### ABOUT THIS EXERCISE
Produce a verbatim transcription of the entries, with all pictures omitted.

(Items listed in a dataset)
+++++
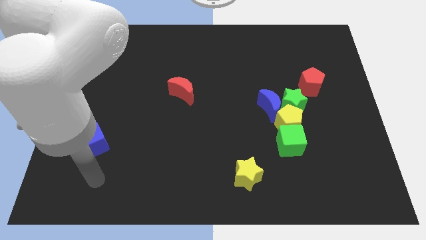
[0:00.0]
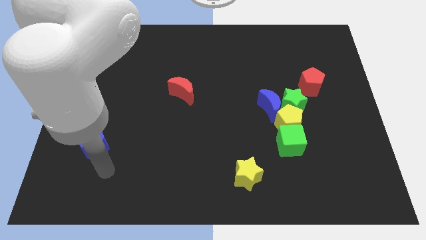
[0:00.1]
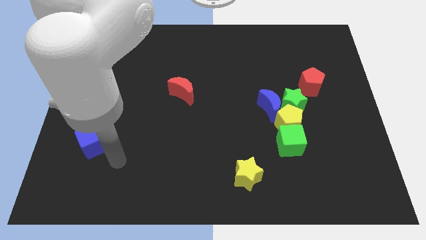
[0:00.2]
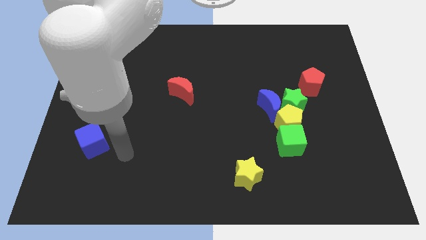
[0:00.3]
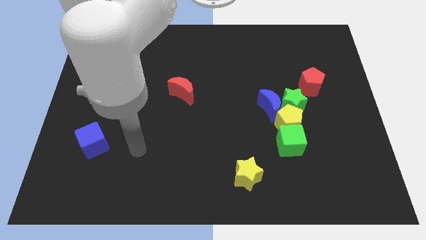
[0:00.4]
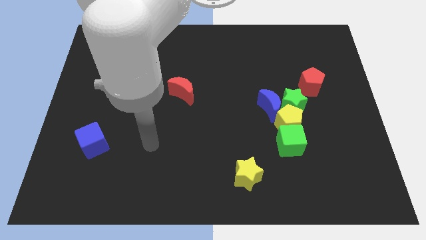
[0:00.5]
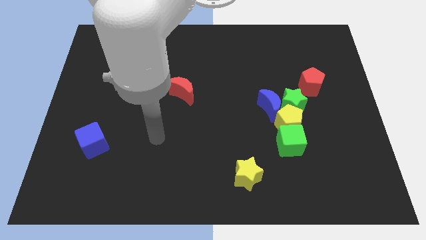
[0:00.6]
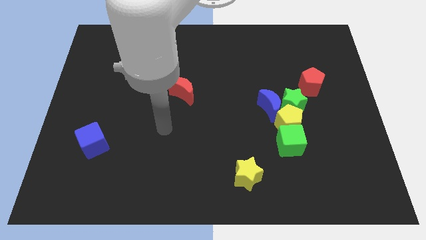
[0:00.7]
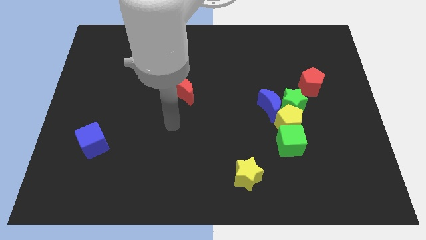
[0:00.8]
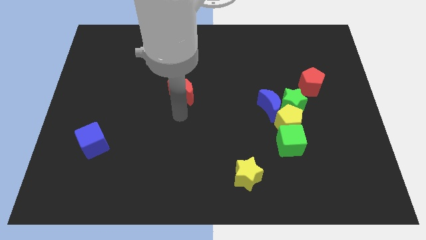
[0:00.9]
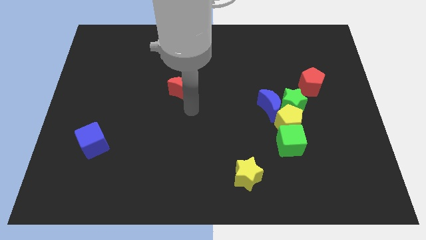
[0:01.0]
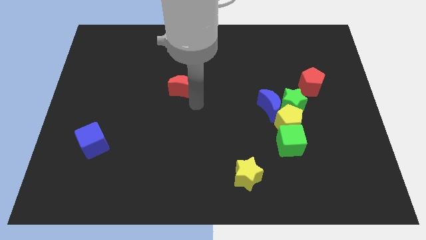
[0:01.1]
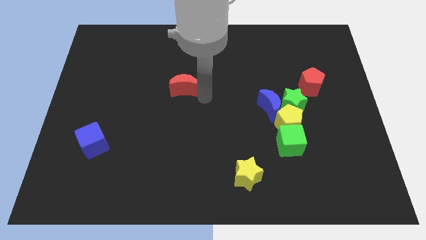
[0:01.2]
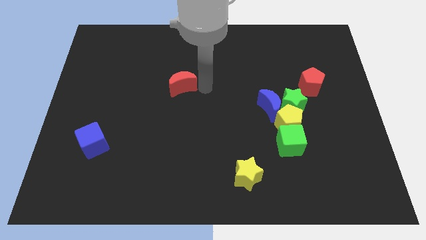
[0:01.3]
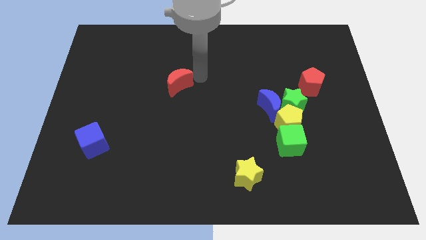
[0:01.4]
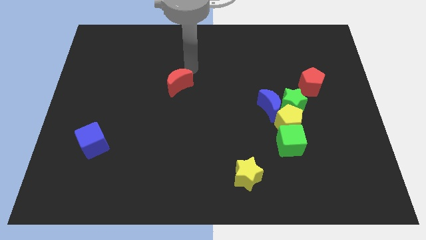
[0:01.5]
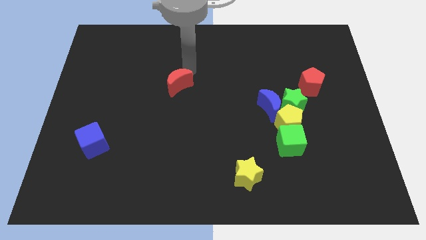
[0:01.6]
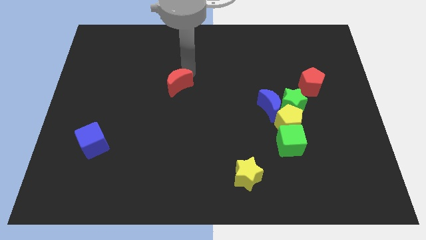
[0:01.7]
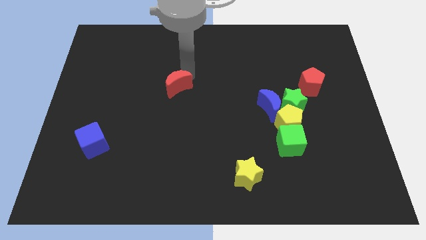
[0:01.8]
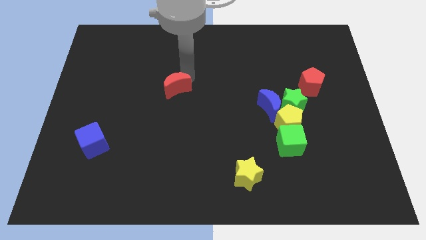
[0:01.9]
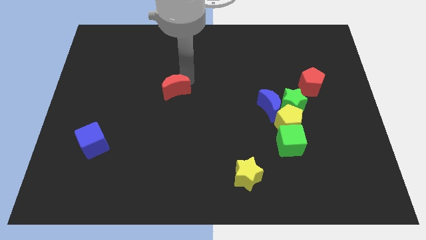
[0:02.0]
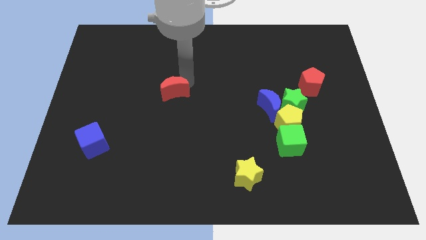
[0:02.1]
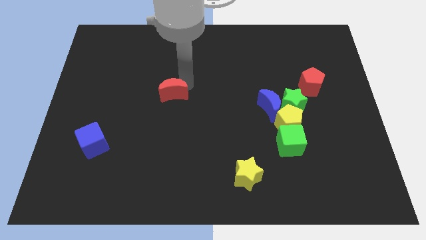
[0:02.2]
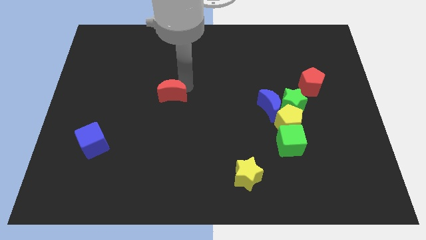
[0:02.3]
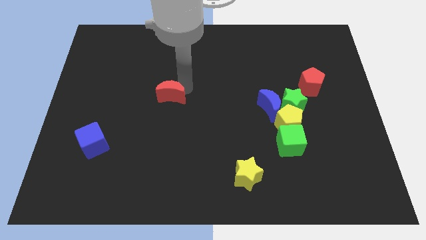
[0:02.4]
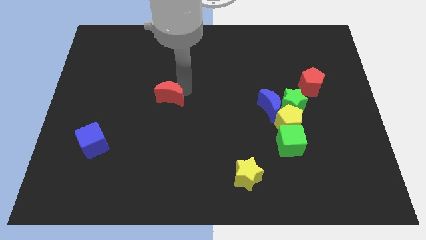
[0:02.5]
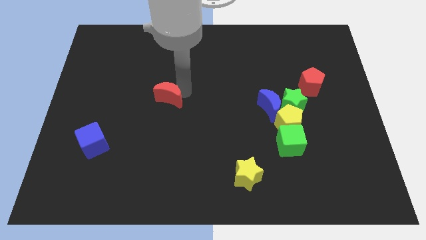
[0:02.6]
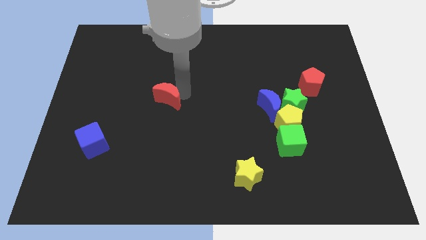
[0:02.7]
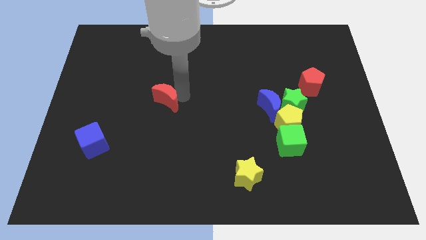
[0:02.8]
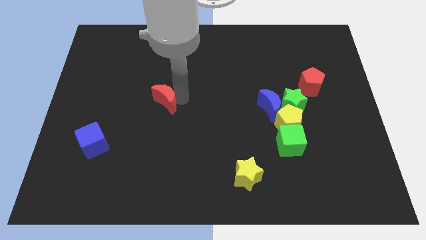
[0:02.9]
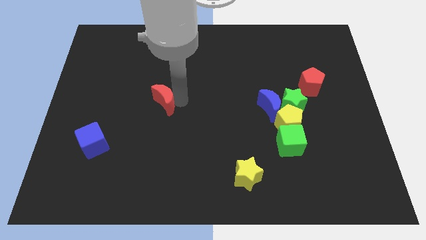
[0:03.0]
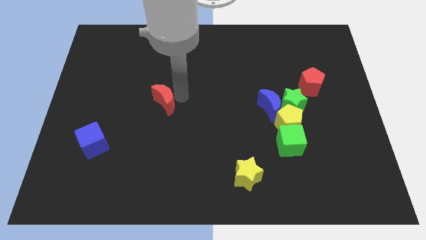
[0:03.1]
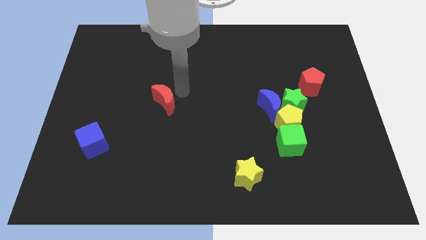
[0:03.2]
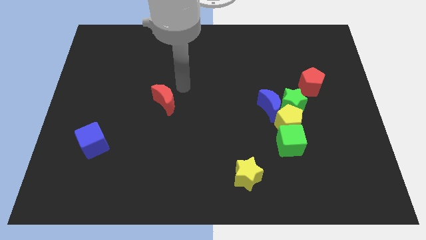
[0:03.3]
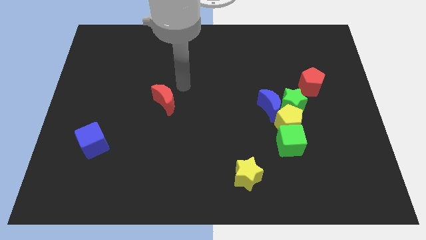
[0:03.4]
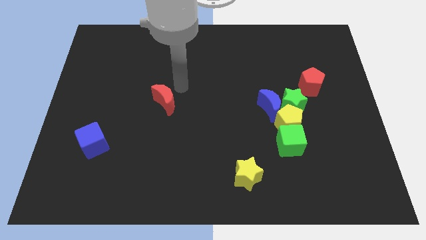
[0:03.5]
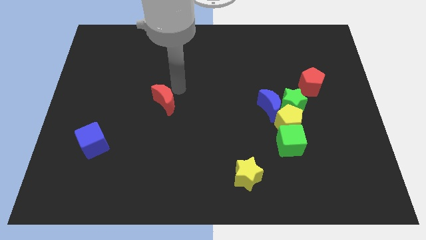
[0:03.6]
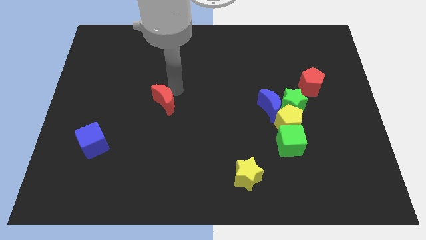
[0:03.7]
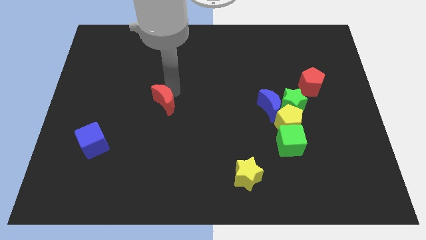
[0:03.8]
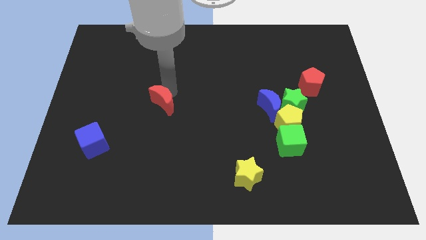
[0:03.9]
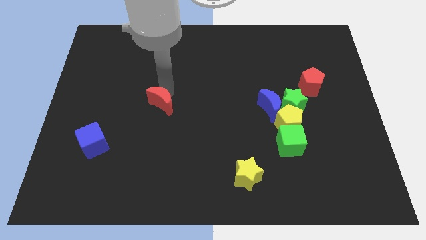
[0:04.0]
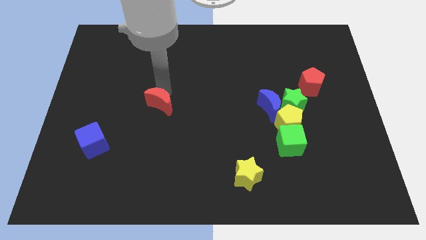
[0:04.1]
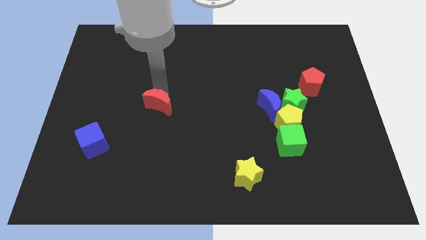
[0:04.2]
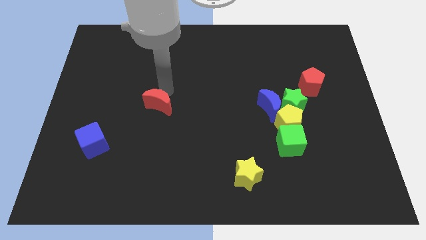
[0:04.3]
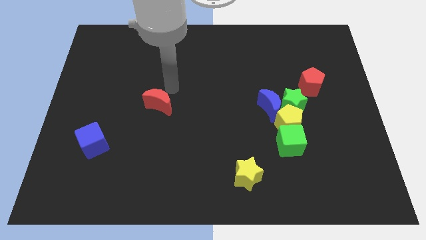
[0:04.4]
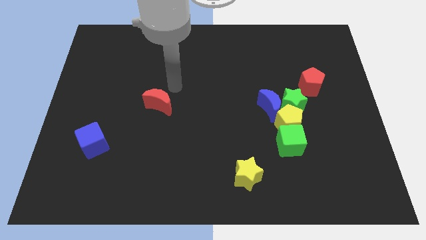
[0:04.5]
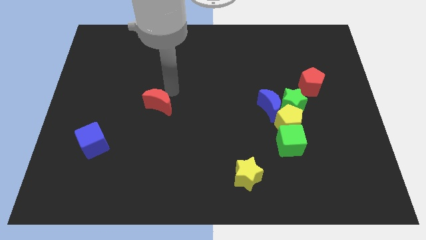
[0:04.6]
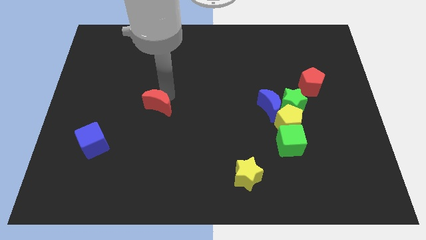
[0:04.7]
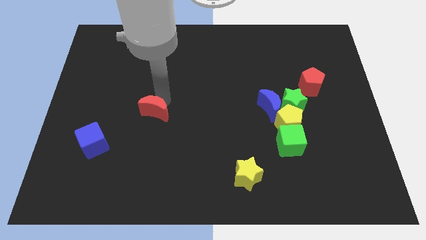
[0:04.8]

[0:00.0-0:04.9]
move the red moon down and to the left somewhat
+++++
### ANSWER BOX
[0:00.0]
[0:00.1]
[0:00.2]
[0:00.3]
[0:00.4]
[0:00.5]
[0:00.6]
[0:00.7]
[0:00.8]
[0:00.9]
[0:01.0]
[0:01.1]
[0:01.2]
[0:01.3]
[0:01.4]
[0:01.5]
[0:01.6]
[0:01.7]
[0:01.8]
[0:01.9]
[0:02.0]
[0:02.1]
[0:02.2]
[0:02.3]
[0:02.4]
[0:02.5]
[0:02.6]
[0:02.7]
[0:02.8]
[0:02.9]
[0:03.0]
[0:03.1]
[0:03.2]
[0:03.3]
[0:03.4]
[0:03.5]
[0:03.6]
[0:03.7]
[0:03.8]
[0:03.9]
[0:04.0]
[0:04.1]
[0:04.2]
[0:04.3]
[0:04.4]
[0:04.5]
[0:04.6]
[0:04.7]
[0:04.8]

[0:00.0-0:04.9]
move the red moon down and to the left somewhat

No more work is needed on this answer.